Currently, many well-known companies produce hemofilters (10, 11, 12) with various characteristics. Existing hemofilters differ: filtering capacity (filtration volume per min), membrane area, selectivity, membrane material, resistance to maximum pressure, filling volume, sterilization method (ethylene oxide, radiation, steam). Each hemofilter is accompanied by a passport indicating its characteristics.

The hemofilter design has a microframe surrounding the capillary membrane, which limits the effect of pressure on the membrane and prevents its destruction.

A doctor performing “simiobic” hemofiltration, at his discretion, can choose the optimal hemofilter from existing catalogs, in which tables with data for each hemofilter are presented (10, 11, 12).

In the claimed device as an example, we give the data of hemofilters: Ultraflux company "Fresenius" and the company "Nipro", Japan, related to "high-flux".

Ultraflux hemodiafilters (10) have high strength and exceptional durability and have been specifically designed for continuous renal replacement therapy (CRRT) (Fig. 7).

The Ultraflux hemofilter membrane is made of Fresenius Polysulfone material, is permeable to substances with a molecular weight of up to 30,000 daltons and impermeable to larger molecules - plasma proteins such as albumin, and blood cell elements.

Helixone® membranes used in these types of hemodiafilters provide more efficient removal of low molecular weight substances, improved removal of medium molecular weight substances.

The filtration characteristics of these membranes are close to those of the glomerular filtration of the kidneys of a healthy person.

This series of hemodiafilters is designed for high volume hemodiafiltration (HDF) with a maximum allowable pressure of 500 mm Hg. and a replacement volume of more than 15 liters per procedure (10).

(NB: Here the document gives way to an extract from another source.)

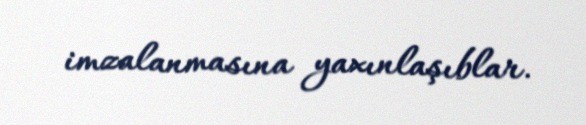
imzalanmasına yaxınlaşıblar.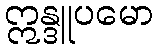
ဣန္ဒူပမော

Nipro hemodiafilters with a cellulose triacetate membrane are highly selective, designed to maximize the imitation of the human basal glomerular membrane, and have high and stable performance. The membrane has excellent antithrombogenic properties and the absence of absorption of anticoagulants and medications. The membrane does not have a negative charge on the surface, which ensures higher phosphate clearance (11).

A cellulose triacetate membrane is synthesized by replacing 98% of the hydroxyl groups of chemically pure high-quality cellulose with acetyl. Specially developed synthesis methods allowed to create a membrane with a pore size of 70 A, with the same wall thickness of 15 cm, designed for a maximum allowable pressure of 500 mm Hg. and a blood flow of at least 200 ml / min.

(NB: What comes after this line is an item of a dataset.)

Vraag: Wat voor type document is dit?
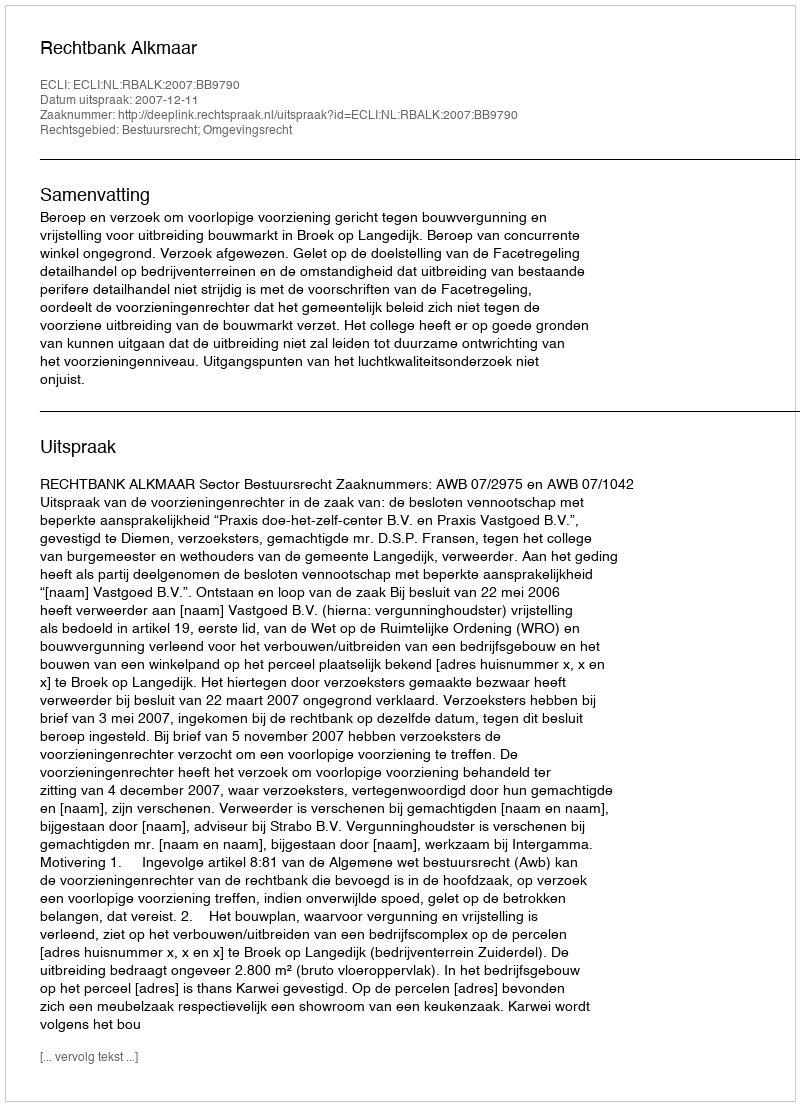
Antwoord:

The fibers, casing and lids of the dialyzer are made of a material that does not contain Bisphenol A, which makes the dialyzer environmentally friendly.

The calculated data of the "symbiotic" hemofiltration

The ability of membranes to ultrafiltration is characterized by hydraulic permeability, which is expressed in milliliters of liquid passed through the membrane for 1 h at a transmembrane pressure of 1 mm Hg and membrane area 1 m ² . The ultrafiltration coefficient (in ml / h / mmHg) shows how much liquid can be removed within 1 hour at a transmembrane pressure of 1 mmHg. (3).

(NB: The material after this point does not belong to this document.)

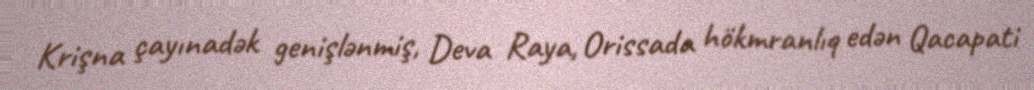
Krişna çayınadək genişlənmiş, Deva Raya, Orissada hökmranlıq edən Qacapati

Filtration occurs due to the difference in hydrostatic pressure outside and inside the hemofilter capillaries, which occurs due to the blood pressure created by the perfusion pump and the ultrafiltrate pressure in the venous part of the vascular bed.

Based on the manufacturer's data, it is possible to determine the functionality of the hemofilters and choose the optimal hemofilter for the procedure of “symbiotic” hemofiltration.

For example, an Ultraflux hemofilter from Fresenius, model FX 80, which has a membrane area of 1.8 m ² , a fill volume of 95 ml, an ultrafiltration coefficient of 59 ml / h / mmHg, with a transmembrane pressure of 300 mmHg. and a blood perfusion rate of 500 ml / min allows to obtain a filtration volume of 17700 ml per 1 hour, which corresponds to a possible filtration volume of 295 ml / min (10).

Hemofilter of the Nipro company, Sureflux-UH series, Sureflux-130UH model has a membrane area of 1.3 m ² , a filling volume of 75 ml, an ultrafiltration coefficient of 43.4 ml / h / mmHg At a transmembrane pressure of 300 mmHg a hemofilter is able to provide a filtration volume of 13020 ml in 1 hour, which corresponds to a possible ultrafiltration volume of 217 ml / min (11).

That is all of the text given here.